To: towertalk@contesting.com, Barry Fox <foxbw@comcast.net>
Subject: Re: [TowerTalk] R7 traps
From: AI4WM Bill <ai4wm@yahoo.com>
Date: Sat, 5 Sep 2009 08:07:33 -0700 (PDT)
List-post: <towertalk@contesting.com">mailto:towertalk@contesting.com>
These traps have caps on the end opposite the piston.  IF the cap is good it 
will keep water out.  The same for the heat shrink integrity for the piston 
end.  The original heat shrink has a liner that melts when the heat shrink is 
heated.  This makes a water tight seal IF the heat shrink was correctly heated 
and correctly shrunk (as it was from the factory).  

Over time the heat shrink can deteriorate from being out in all kinds of 
weather.  If someone replaced the heatshrink with the regular heatshrink or 
used some other method of repair water can enter the capacitors.  In this case 
the capacitor must be taken apart and cleaned.  There are 2 good websites that 
detail this, just google R5 or R7 traps or trap repair.  There are cross links 
to the sites from several amateur radio sites also.  Here is one of the sites: 

http://www.iol.ie/~bravo/r7_vertical.htm

The capacitors are plain old coaxial capacitors and there is no electrical 
reason to have piston up or piston down.  The constraint comes with how the 
capacitor will interfere with the trap below it or above it. 

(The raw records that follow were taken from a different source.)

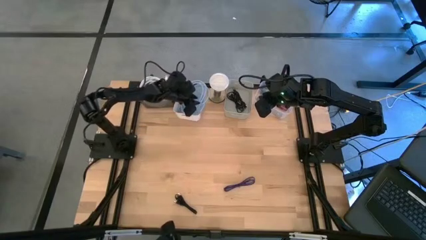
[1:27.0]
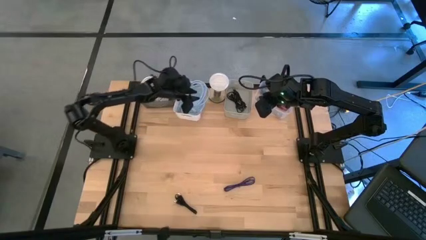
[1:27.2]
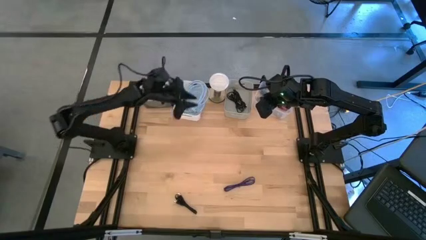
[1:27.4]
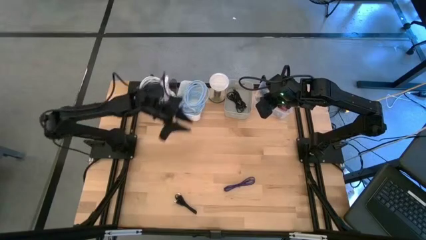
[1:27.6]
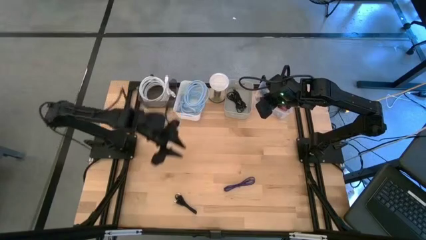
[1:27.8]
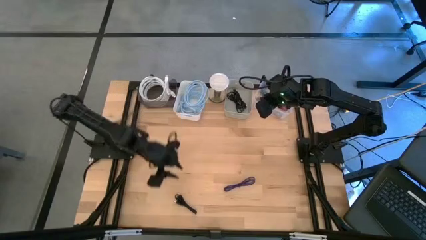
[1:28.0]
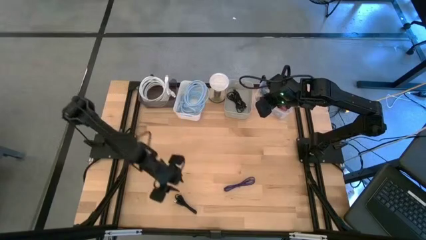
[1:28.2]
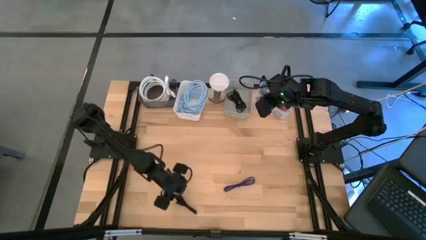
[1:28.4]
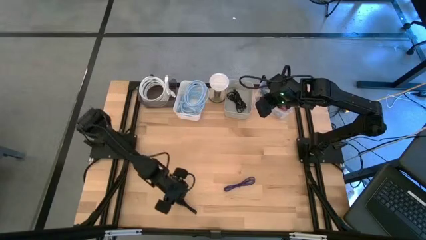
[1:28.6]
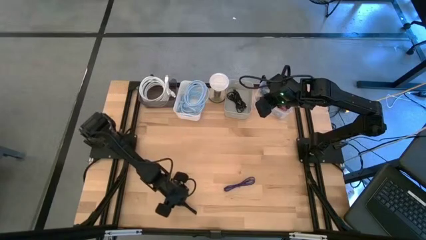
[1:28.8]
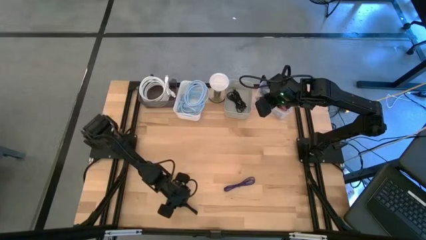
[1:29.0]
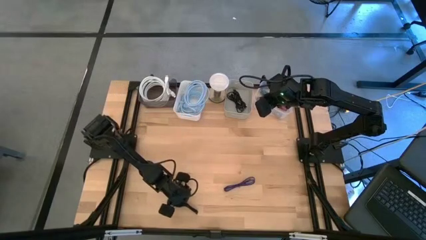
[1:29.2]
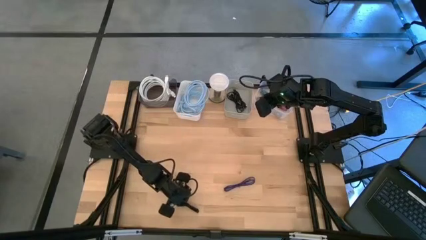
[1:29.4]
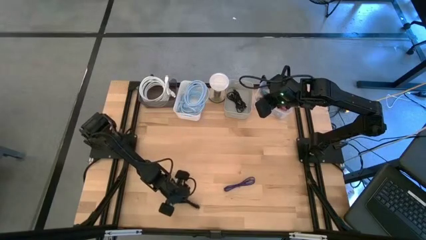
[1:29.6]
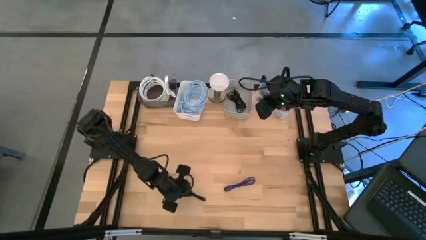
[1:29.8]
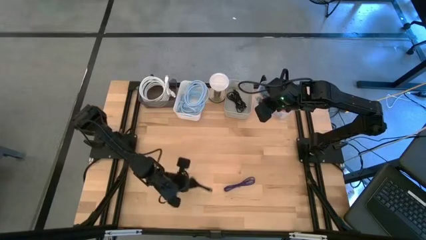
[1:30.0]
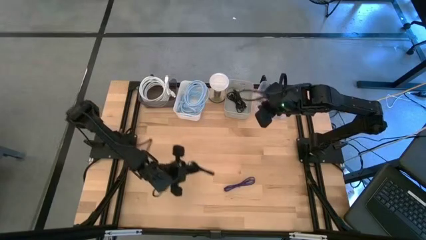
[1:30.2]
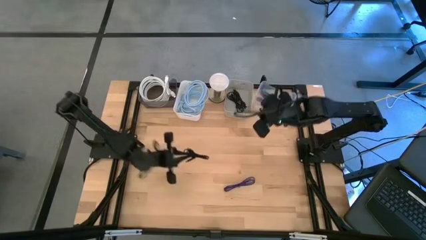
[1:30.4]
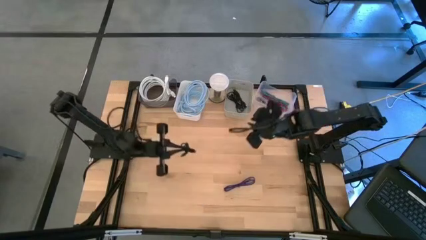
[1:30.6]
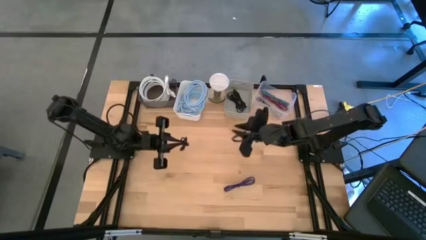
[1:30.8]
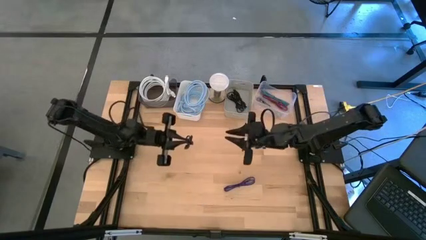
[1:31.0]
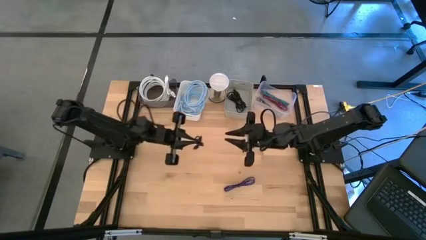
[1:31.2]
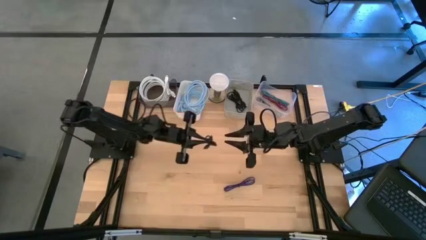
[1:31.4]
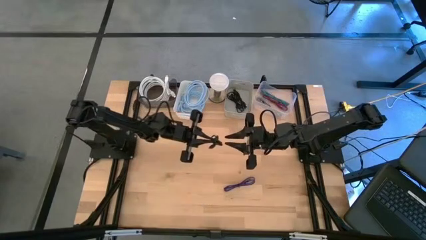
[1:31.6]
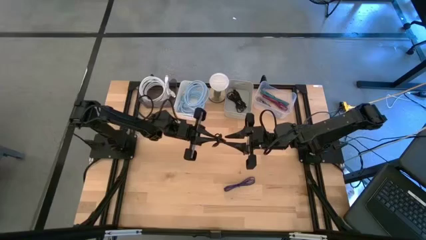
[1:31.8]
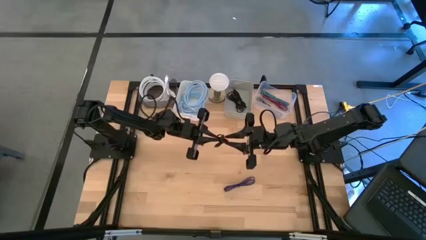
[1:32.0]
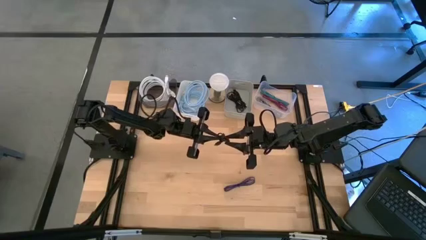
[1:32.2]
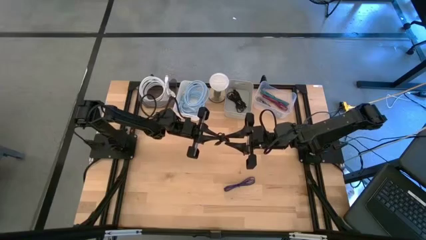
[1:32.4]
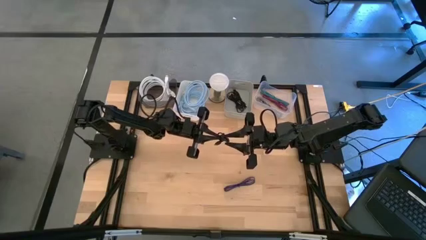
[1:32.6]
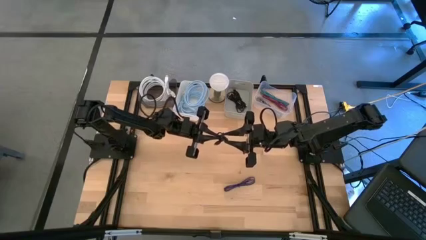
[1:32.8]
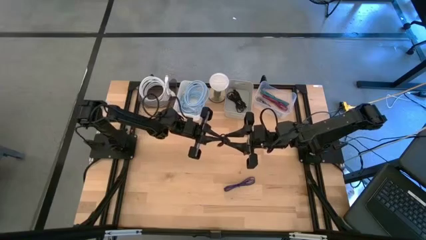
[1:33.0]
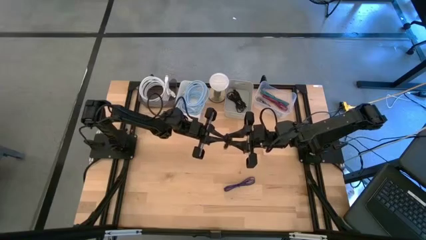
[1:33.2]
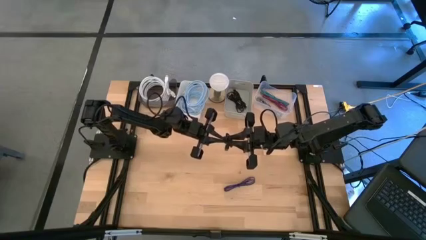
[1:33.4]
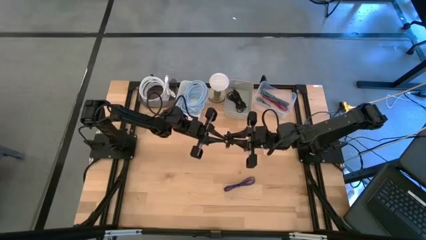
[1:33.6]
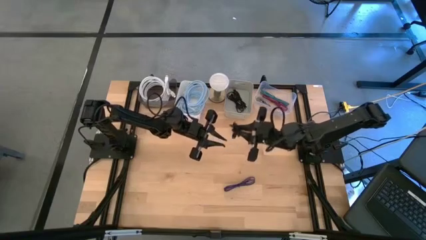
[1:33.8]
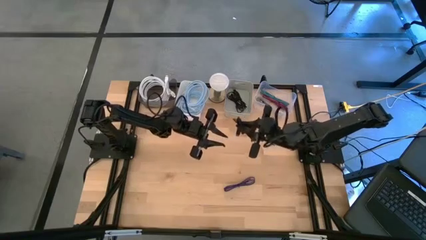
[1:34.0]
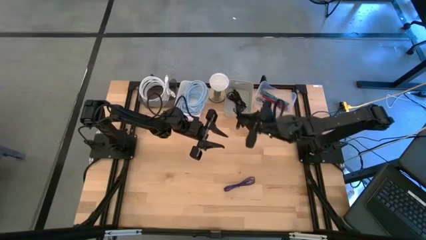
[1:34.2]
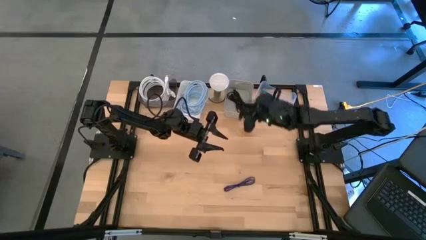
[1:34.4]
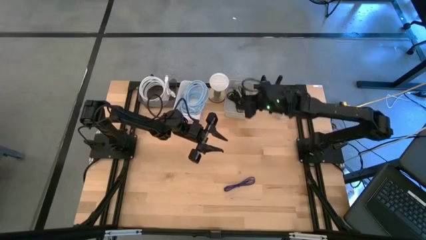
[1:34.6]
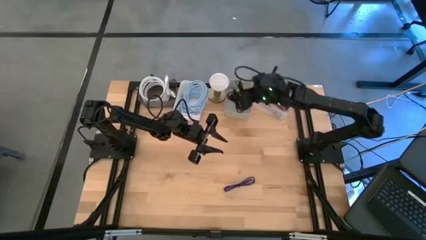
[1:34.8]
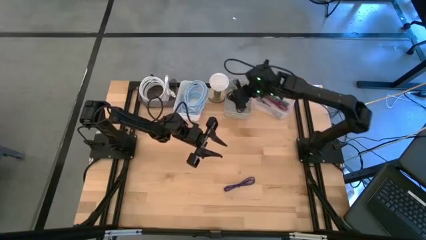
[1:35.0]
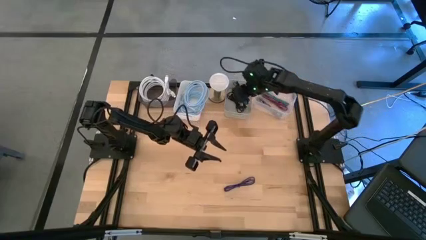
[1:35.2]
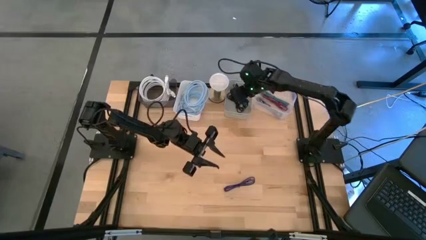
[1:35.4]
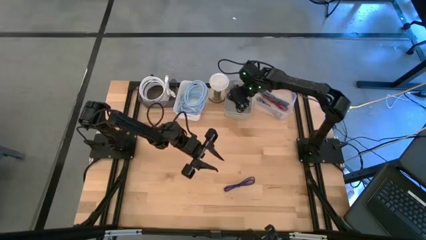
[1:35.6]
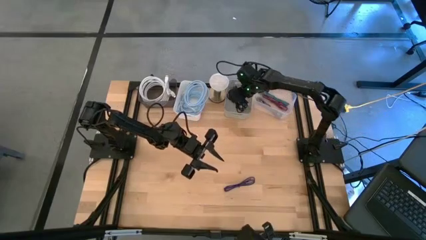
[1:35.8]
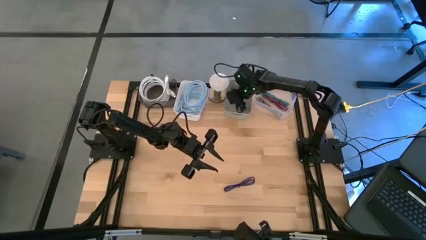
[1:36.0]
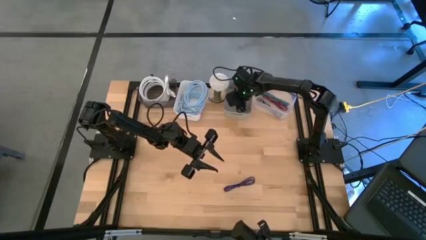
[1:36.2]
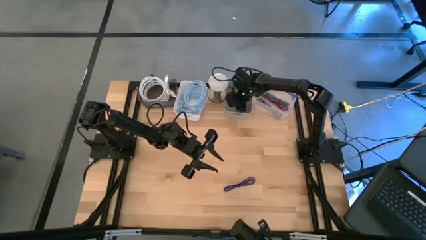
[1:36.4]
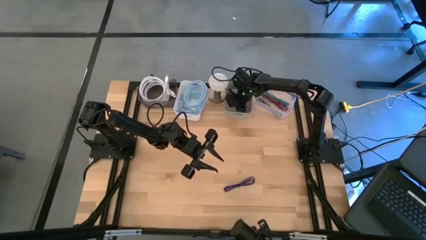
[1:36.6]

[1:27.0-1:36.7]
Task: Pick & Place USB Port
Put the black charger cable into the gray bin

The problem would be if the brackets move and you end up with a different 
capacitance thus changing the frequency.

I 
have an AP8A that is very similar to the R7.  I have resonated these
on the bench and find no difference with the direction of mounting the 
capacitor since this was my thought on one
that was missing an end cap.  However I have found a cap and did not reverse 
the capacitor mounting.

73,

Bill

AI4WM

--- On Sat, 9/5/09, Barry Fox <foxbw@comcast.net> wrote:

From: Barry Fox <foxbw@comcast.net>
Subject: [TowerTalk] R7 traps
To: towertalk@contesting.com
Date: Saturday, September 5, 2009, 7:37 AM

I'm no antenna designer, but it seems to me that if the trap capacitor
clamps were swapped such that the center rod were at the bottom, no 
water could then enter.  Would that work?